Evals in Laravel: How to Prove Your AI Output Is Actually Good

You shipped the ticket classifier last quarter. It works. The tests are green and they've stayed green.

Last Tuesday you opened the agent's instructions and added two lines to handle refunds better. Tests ran. Still green. You shipped it.

This Monday, support is on fire. Free-tier questions are getting flagged urgent. The drafted replies read like a robot wrote them. Somewhere in those two lines you made the classifier worse, and nothing told you.

Your test suite watched the whole thing happen and said nothing. Because your tests were never checking the answer.

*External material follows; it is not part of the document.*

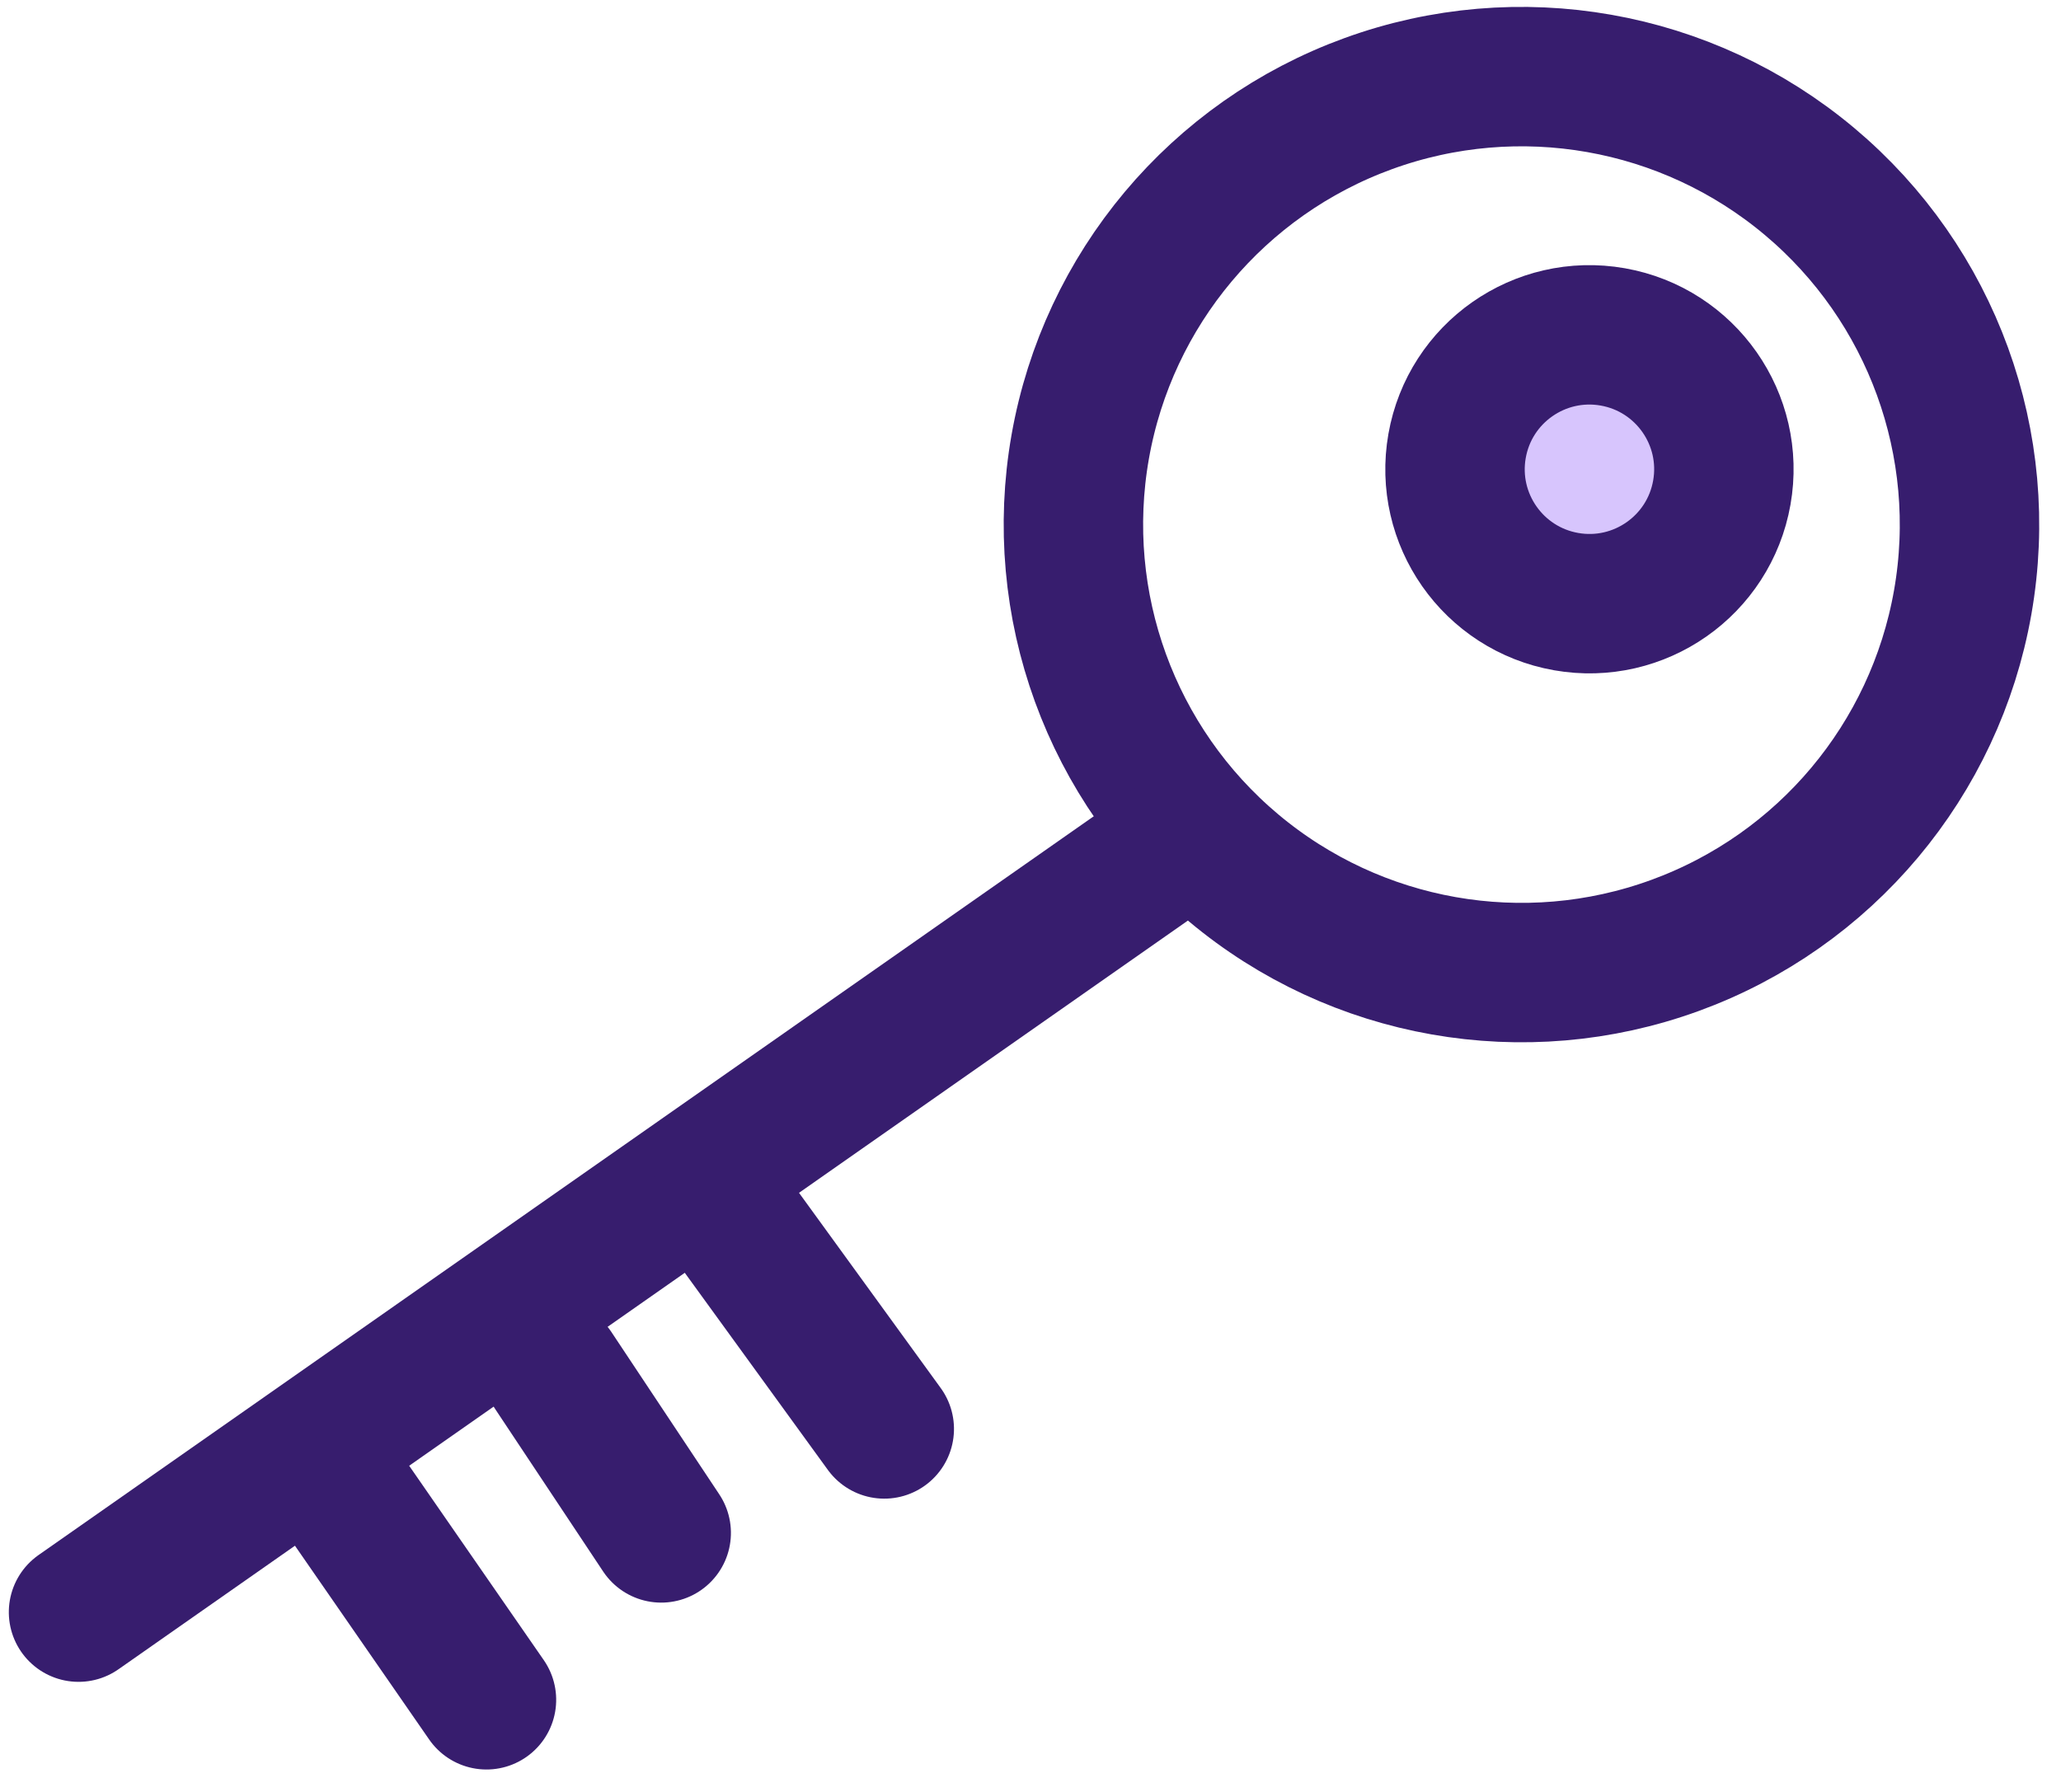 <svg xmlns="http://www.w3.org/2000/svg" width="46" height="40" version="1.1" viewBox="0 0 46 40"><g id="Page-1" fill="none" fill-rule="evenodd" stroke="none" stroke-width="1"><g id="Support-Page" transform="translate(-567 -2471)"><g id="guaranteed" transform="translate(565 2466)"><path id="Rectangle" d="M0 0h50v50H0z"/><g id="Group" stroke="#371D6E" stroke-linecap="round" stroke-linejoin="round" stroke-width="3.112" transform="rotate(10 -6.37 58.834)"><circle id="Oval" cx="28" cy="10" r="10"/><circle id="Oval" cx="29.28" cy="8.52" r="3" fill="#D7C5FD"/><path id="Path-18" d="m21.5 18.5-21 21"/><path id="Path-19" fill="#D7C5FD" d="m13 28 4.5 4.35"/><path id="Path-19-Copy" fill="#D7C5FD" d="m10 32.35 3 3.15"/><path id="Path-19-Copy-2" fill="#D7C5FD" d="m6 36 3.806 3.846"/></g></g></g></g></svg>

Your test faked the answer

Here's the test you wrote for the classifier:

public function test_classifies_a_billing_ticket(): void
{
    TicketClassifier::fake([
        json_encode([
            'priority' => 'high',
            'category' => 'billing',
            'suggested_response' => 'Sorry about that, we are looking into it.',
        ]),
    ]);

    $ticket = Ticket::factory()->create([
        'subject' => 'Charged twice this month',
        'body' => 'My card shows two $49 charges for the same invoice.',
    ]);

    $this->post('/api/tickets/classify', ['ticket_id' => $ticket->id]);

    $this->assertEquals('billing', $ticket->fresh()->ai_category);
}

Read it again. You called TicketClassifier::fake(). You handed it the answer. Then you asserted that the answer you handed it came back.

That is not a test of your AI. It is a test of your json_encode.

Agent::fake() earns its place. It makes your suite fast, free, and deterministic. It stops the real API call so CI doesn't burn credits or break when a provider has a bad day. It proves your wiring works: the right prompt goes out, the result gets saved, a 503 comes back when the model dies. I wrote a whole post on testing AI features and I stand behind every line.

But faking the response means the response is never in question. You can't learn that the model picked the wrong priority. You can't learn the reply was useless. You mocked those.

Mocking the API tests the plumbing. It does not test the feature.

That second job has a name. Evals.

A test asks: did the code run and return the right shape? An eval asks: is the answer any good?

Your green suite answered the first question months ago. Nobody in the Laravel world is asking you the second one. The SDK docs stop at fake(). Every tutorial stops at fake(). The handful of eval packages on Packagist are weeks old and ship with a README and not much else. So you're going to do it by hand, on the classifier you already have.

Two kinds of output. Two kinds of eval.

Look at what the classifier returns:

public function schema(JsonSchema $schema): array
{
    return [
        'priority' => $schema->string()->enum(['low', 'medium', 'high', 'urgent'])->required(),
        'category' => $schema->string()->enum([
            'billing', 'bug', 'feature-request', 'account', 'general',
        ])->required(),
        'suggested_response' => $schema->string()->required(),
    ];
}

Two of those fields have a right answer. priority is one of four values. category is one of five. Hand a ticket to a support lead and they'll tell you the correct label, every time.

suggested_response is different. It's free text. There's no single correct string. You can't assertEquals a paragraph.

So you need two tools. A cheap one for the fields with a known answer. A heavier one for the field without.

Level 1: score the labels you can check

Start with category. You have a folder of resolved tickets going back a year. Pick 200 of them. For each one, write down the category it should get. Real tickets, not invented ones.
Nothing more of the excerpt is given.